EXERCISE BRIEF →
Word for word, please restate each record and pass over the pictures.

——

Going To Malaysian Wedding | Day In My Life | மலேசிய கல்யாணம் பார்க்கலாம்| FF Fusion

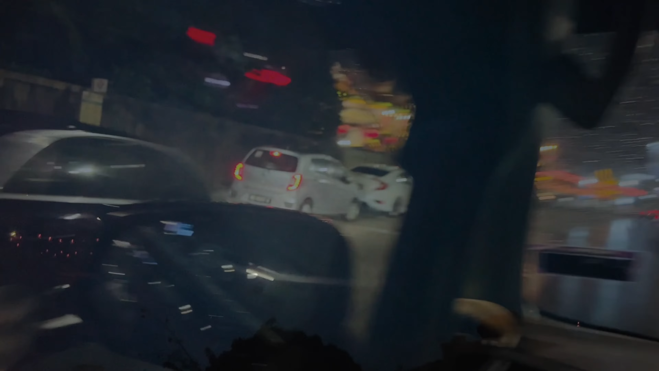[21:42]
இது வந்து பார்த்திங்கன்னா சைனீஸ் டெம்பிள் தான். எவ்வளோ சூப்பராக டெக்கரேட் பண்ணியிருக்கிறாங்க பாருங்கள்.
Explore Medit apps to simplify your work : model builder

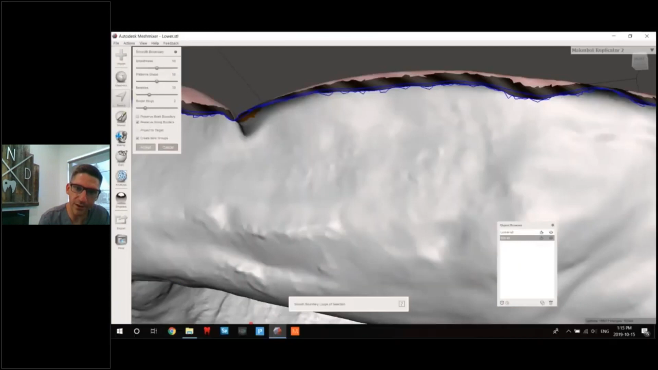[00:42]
our borders oh now we have something now we got a base do the same for the bottom
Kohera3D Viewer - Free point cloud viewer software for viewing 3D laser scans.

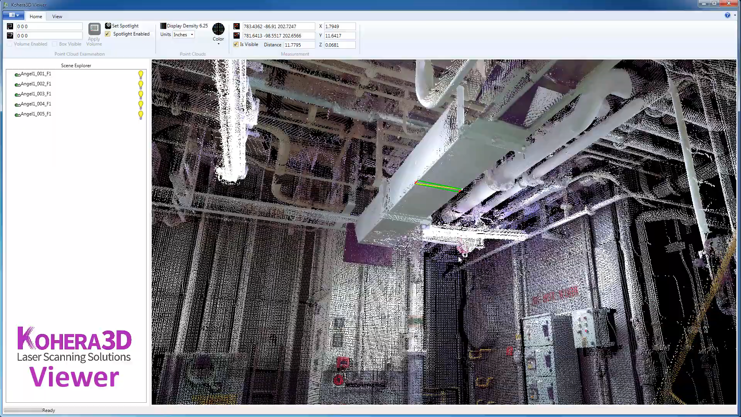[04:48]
Now, if we want to take a measurement from here down to the floor,
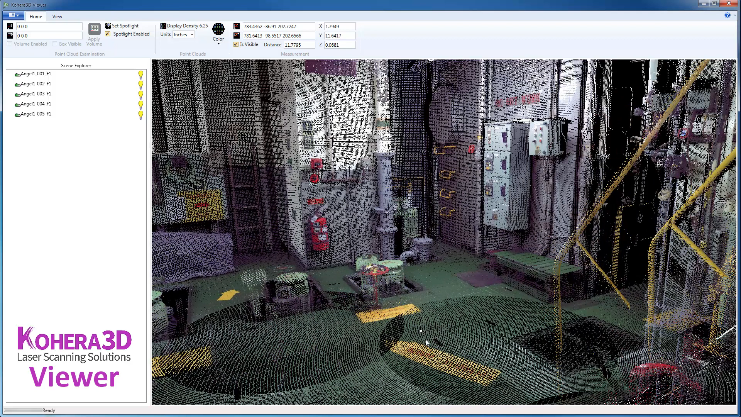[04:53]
I'll click a point on the floor and change one of these values. So, the Z here, 92.2 inches,
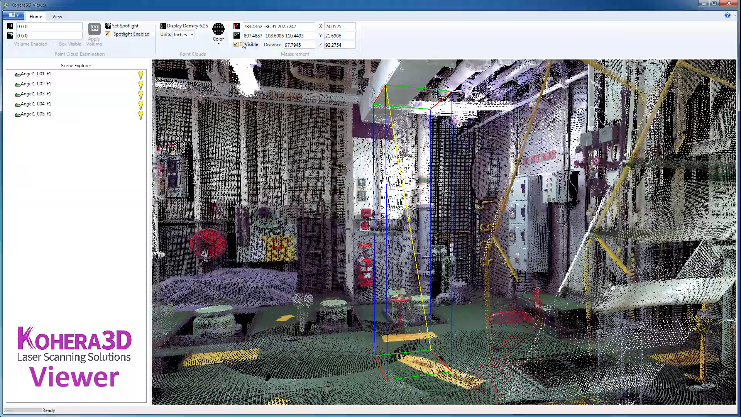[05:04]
or roughly 7 1⁄2 feet. To hide this measurement box, we'll uncheck is visible.
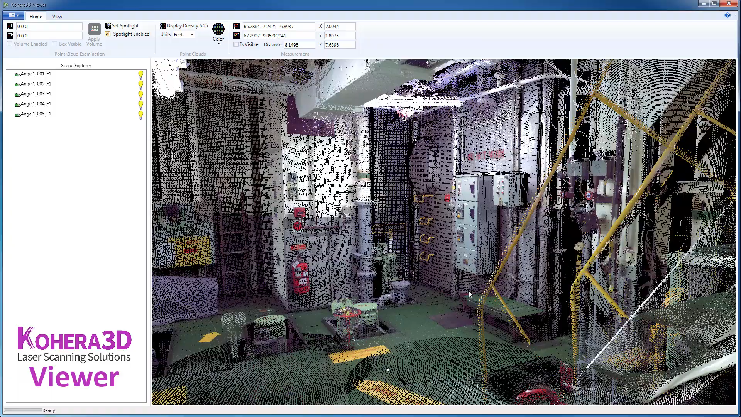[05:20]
The next thing we're going to look at is creating a volume. So, similar to the measurement here, we'll start by clicking a point, and then set the volume corner point 1.
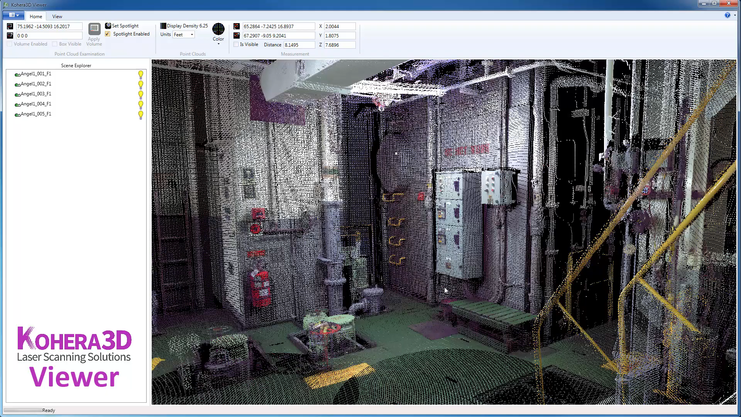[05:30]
Pick a second point, and set the volume corner point 2. If I click on the volume box,
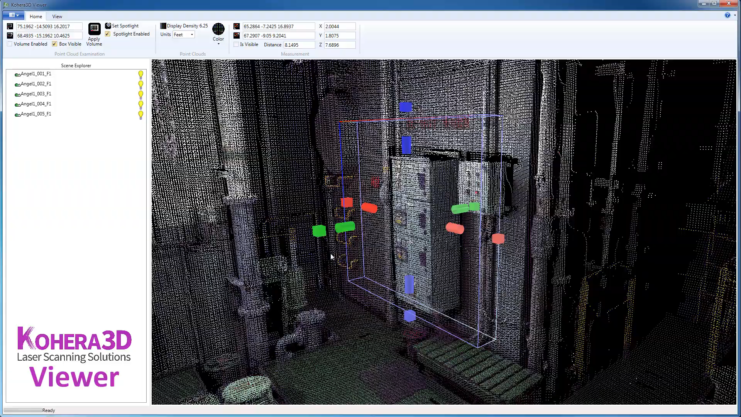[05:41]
we receive these handles, and we can use that to adjust the size of our volume.
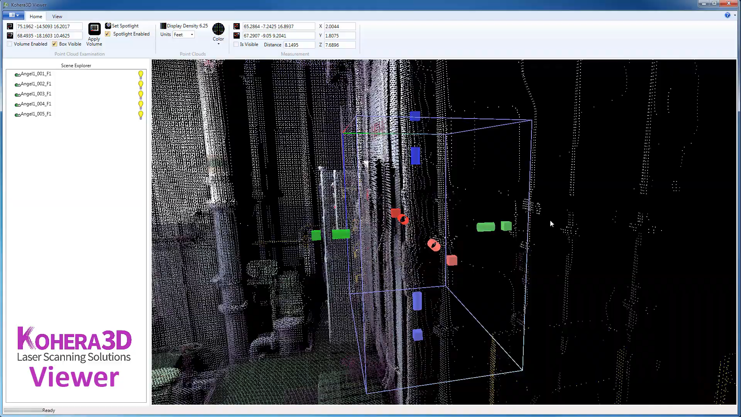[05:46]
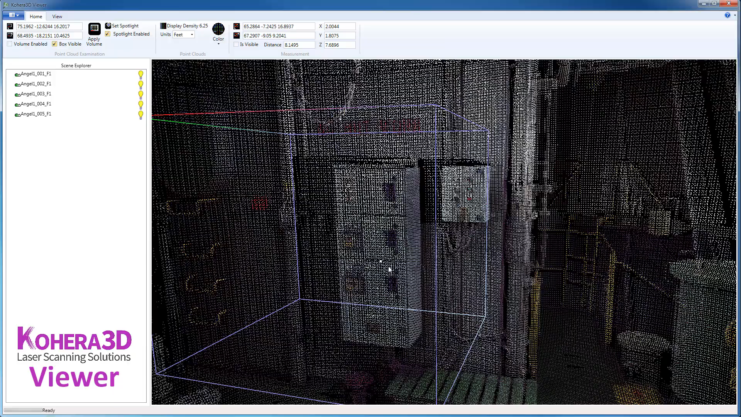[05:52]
Let me center, click that again, and let's drag that, and then we'll click Volume Enabled.
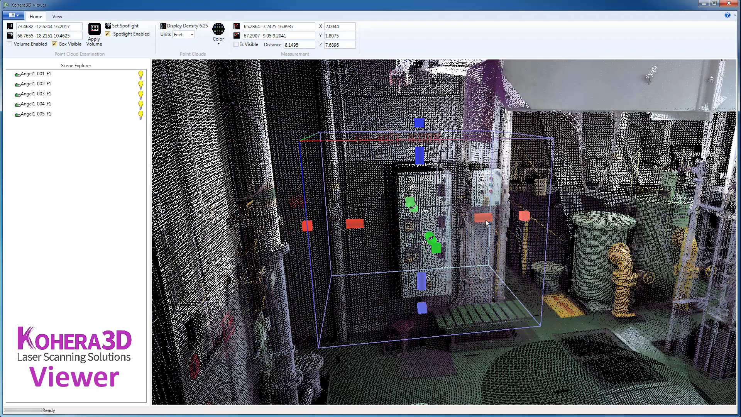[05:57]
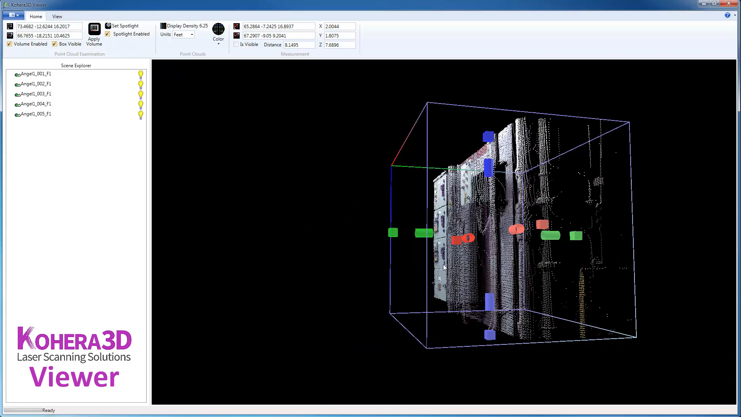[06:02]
And now we have a volume for that particular area, and we can continue to adjust these if we need to.
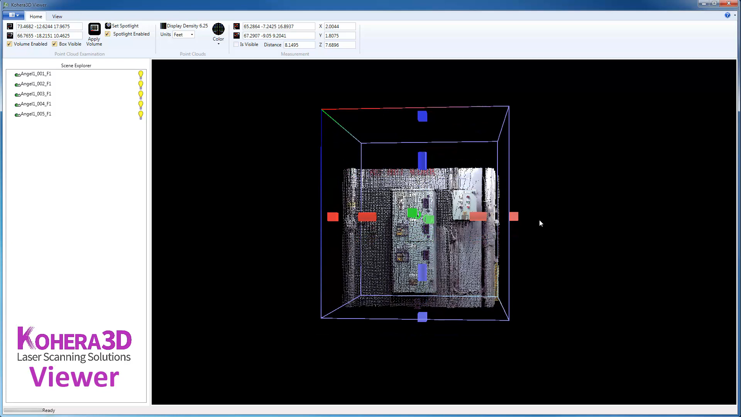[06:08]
Apply volume, and that increases the size of our volume.
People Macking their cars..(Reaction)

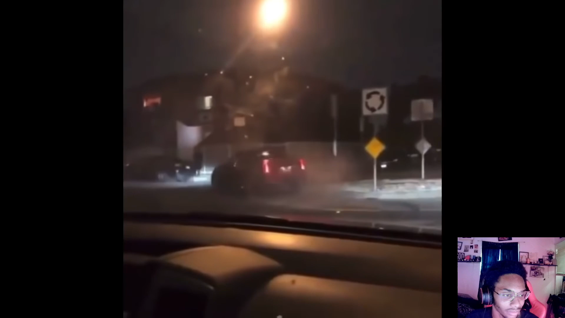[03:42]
This is very common in all street takeovers. People will sit here, go next to the closest curb, try to do that close drifting, you know, get as close to the crowd as possible, and then they underestimate how close that curb is. And most of the time, you get where that wheel just smacks it. And guess what? Your whole rear differential, gone. You might as well just throw the car away because they're going to write it off. And if you stole that car, you ain't getting away in it because... yeah. Oh shit.
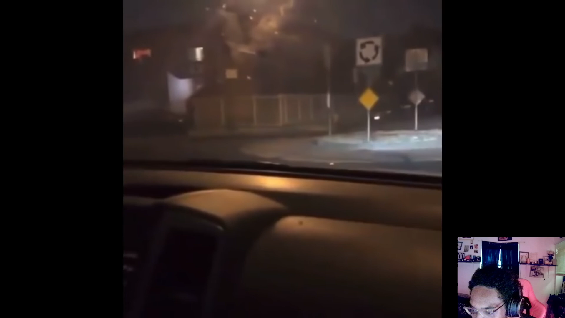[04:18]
Somehow he hit it just perfectly enough.
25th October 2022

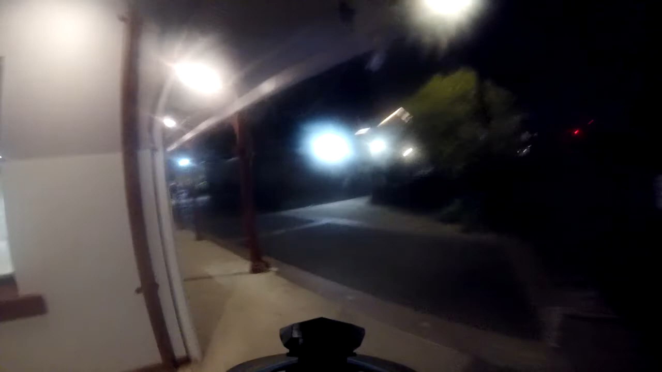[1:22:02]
I doubt it.
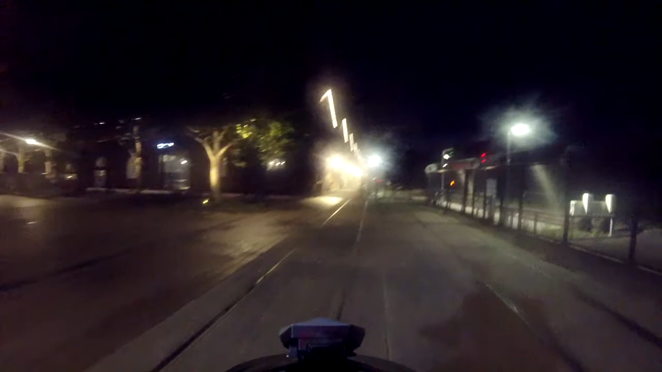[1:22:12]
Okay, let's bash down here. It's the back of the what used to be the train sort
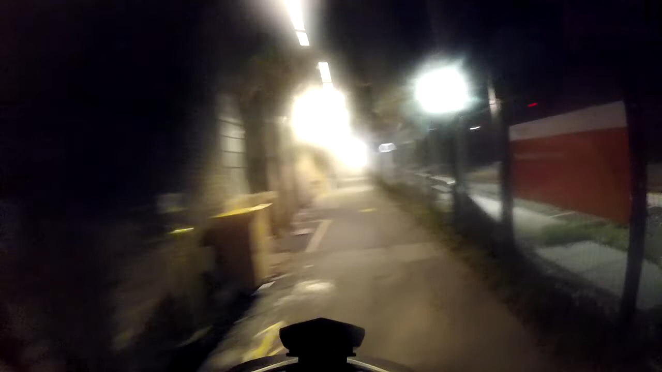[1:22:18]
of train workshops down here back at Redfern Station. Very, very old buildings here.
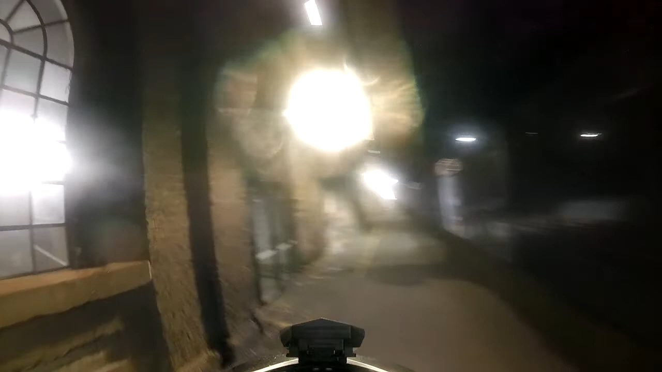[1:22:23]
Not sure what they're doing with them now.
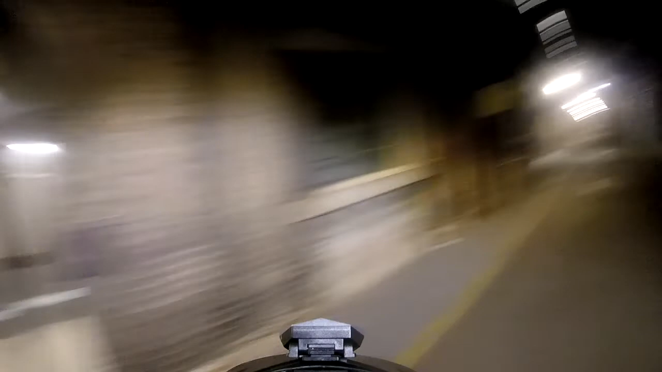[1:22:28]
I think some of them are sort of offices and some of the supermarket, IGA. Ooh, big one.
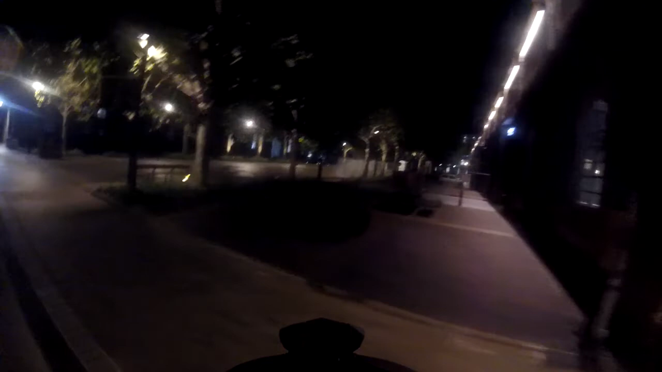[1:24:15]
Anyway. Down through here. Down here's a couple of little restaurants picked up from down here before. There's a fish bowl and it's another Thai restaurant, I'm not sure. Can't quite remember the name of it. It's along here as well.
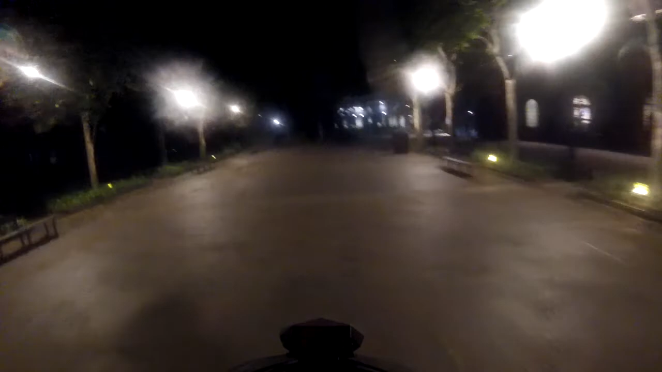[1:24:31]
You can sometimes get nice little pickups from here. Let's see this fucking map. Where are we going? Along Central. Should we go down here?

——

PROBLEM SOLUTION →
Going To Malaysian Wedding | Day In My Life | மலேசிய கல்யாணம் பார்க்கலாம்| FF Fusion

[21:42]
இது வந்து பார்த்திங்கன்னா சைனீஸ் டெம்பிள் தான். எவ்வளோ சூப்பராக டெக்கரேட் பண்ணியிருக்கிறாங்க பாருங்கள்.
Explore Medit apps to simplify your work : model builder

[00:42]
our borders oh now we have something now we got a base do the same for the bottom
Kohera3D Viewer - Free point cloud viewer software for viewing 3D laser scans.

[04:48]
Now, if we want to take a measurement from here down to the floor,
[04:53]
I'll click a point on the floor and change one of these values. So, the Z here, 92.2 inches,
[05:04]
or roughly 7 1⁄2 feet. To hide this measurement box, we'll uncheck is visible.
[05:20]
The next thing we're going to look at is creating a volume. So, similar to the measurement here, we'll start by clicking a point, and then set the volume corner point 1.
[05:30]
Pick a second point, and set the volume corner point 2. If I click on the volume box,
[05:41]
we receive these handles, and we can use that to adjust the size of our volume.
[05:46]
[05:52]
Let me center, click that again, and let's drag that, and then we'll click Volume Enabled.
[05:57]
[06:02]
And now we have a volume for that particular area, and we can continue to adjust these if we need to.
[06:08]
Apply volume, and that increases the size of our volume.
People Macking their cars..(Reaction)

[03:42]
This is very common in all street takeovers. People will sit here, go next to the closest curb, try to do that close drifting, you know, get as close to the crowd as possible, and then they underestimate how close that curb is. And most of the time, you get where that wheel just smacks it. And guess what? Your whole rear differential, gone. You might as well just throw the car away because they're going to write it off. And if you stole that car, you ain't getting away in it because... yeah. Oh shit.
[04:18]
Somehow he hit it just perfectly enough.
25th October 2022

[1:22:02]
I doubt it.
[1:22:12]
Okay, let's bash down here. It's the back of the what used to be the train sort
[1:22:18]
of train workshops down here back at Redfern Station. Very, very old buildings here.
[1:22:23]
Not sure what they're doing with them now.
[1:22:28]
I think some of them are sort of offices and some of the supermarket, IGA. Ooh, big one.
[1:24:15]
Anyway. Down through here. Down here's a couple of little restaurants picked up from down here before. There's a fish bowl and it's another Thai restaurant, I'm not sure. Can't quite remember the name of it. It's along here as well.
[1:24:31]
You can sometimes get nice little pickups from here. Let's see this fucking map. Where are we going? Along Central. Should we go down here?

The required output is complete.